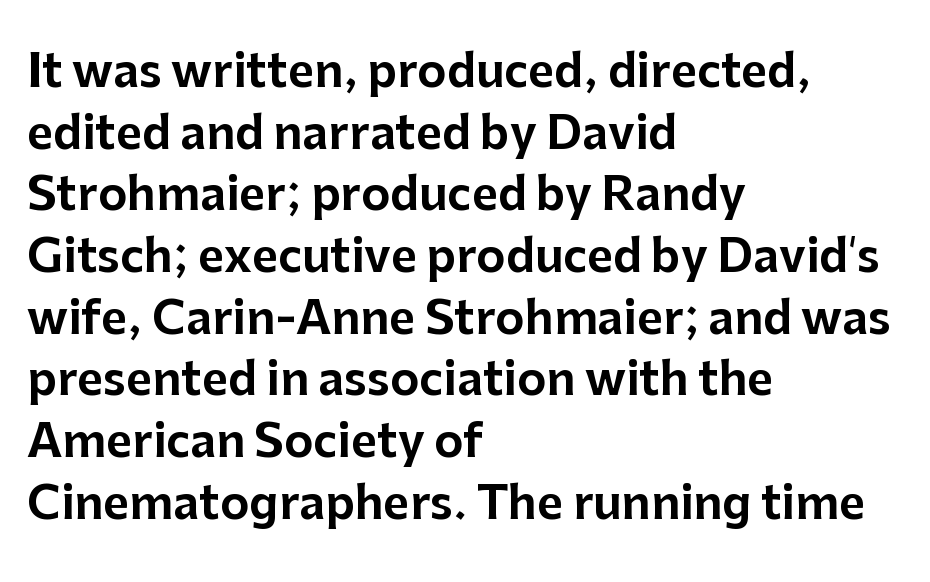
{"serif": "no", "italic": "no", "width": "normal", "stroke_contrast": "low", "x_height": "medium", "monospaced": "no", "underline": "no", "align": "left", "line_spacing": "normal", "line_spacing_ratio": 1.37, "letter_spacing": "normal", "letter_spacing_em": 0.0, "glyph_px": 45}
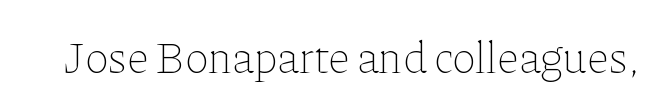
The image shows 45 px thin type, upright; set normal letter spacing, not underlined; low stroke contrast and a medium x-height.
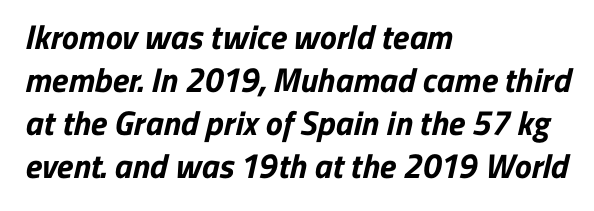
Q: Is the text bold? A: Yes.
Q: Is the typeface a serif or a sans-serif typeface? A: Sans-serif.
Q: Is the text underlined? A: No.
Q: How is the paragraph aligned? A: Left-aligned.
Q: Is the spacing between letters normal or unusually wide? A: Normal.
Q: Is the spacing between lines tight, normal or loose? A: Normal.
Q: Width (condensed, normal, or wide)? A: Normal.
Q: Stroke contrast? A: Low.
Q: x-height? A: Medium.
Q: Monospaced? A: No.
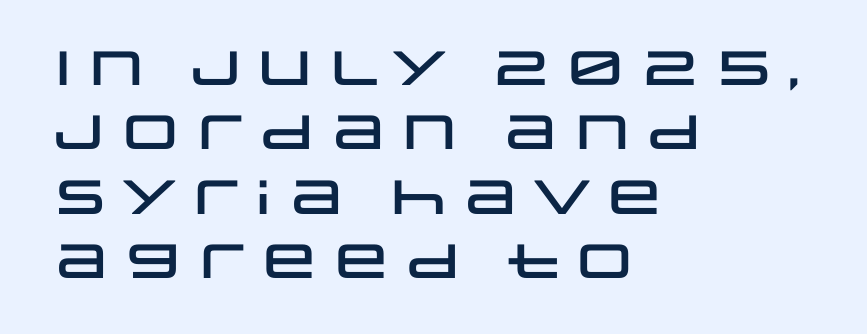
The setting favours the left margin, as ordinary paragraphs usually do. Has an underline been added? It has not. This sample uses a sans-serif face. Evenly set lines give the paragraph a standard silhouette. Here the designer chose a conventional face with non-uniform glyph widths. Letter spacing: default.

WHAT IS REQUIRED -> Without any pictures, please reproduce the full set of entries.

PROBLEM SOLUTION ->
{"serif": "no", "italic": "no", "width": "normal", "stroke_contrast": "low", "x_height": "medium", "monospaced": "no", "underline": "no", "align": "left", "line_spacing": "normal", "line_spacing_ratio": 1.37, "letter_spacing": "normal", "letter_spacing_em": 0.0, "glyph_px": 45}
The image shows 45 px thin type, upright; set normal letter spacing, not underlined; low stroke contrast and a medium x-height.
Q: Is the text bold? A: Yes.
Q: Is the typeface a serif or a sans-serif typeface? A: Sans-serif.
Q: Is the text underlined? A: No.
Q: How is the paragraph aligned? A: Left-aligned.
Q: Is the spacing between letters normal or unusually wide? A: Normal.
Q: Is the spacing between lines tight, normal or loose? A: Normal.
Q: Width (condensed, normal, or wide)? A: Normal.
Q: Stroke contrast? A: Low.
Q: x-height? A: Medium.
Q: Monospaced? A: No.
The setting favours the left margin, as ordinary paragraphs usually do. Has an underline been added? It has not. This sample uses a sans-serif face. Evenly set lines give the paragraph a standard silhouette. Here the designer chose a conventional face with non-uniform glyph widths. Letter spacing: default.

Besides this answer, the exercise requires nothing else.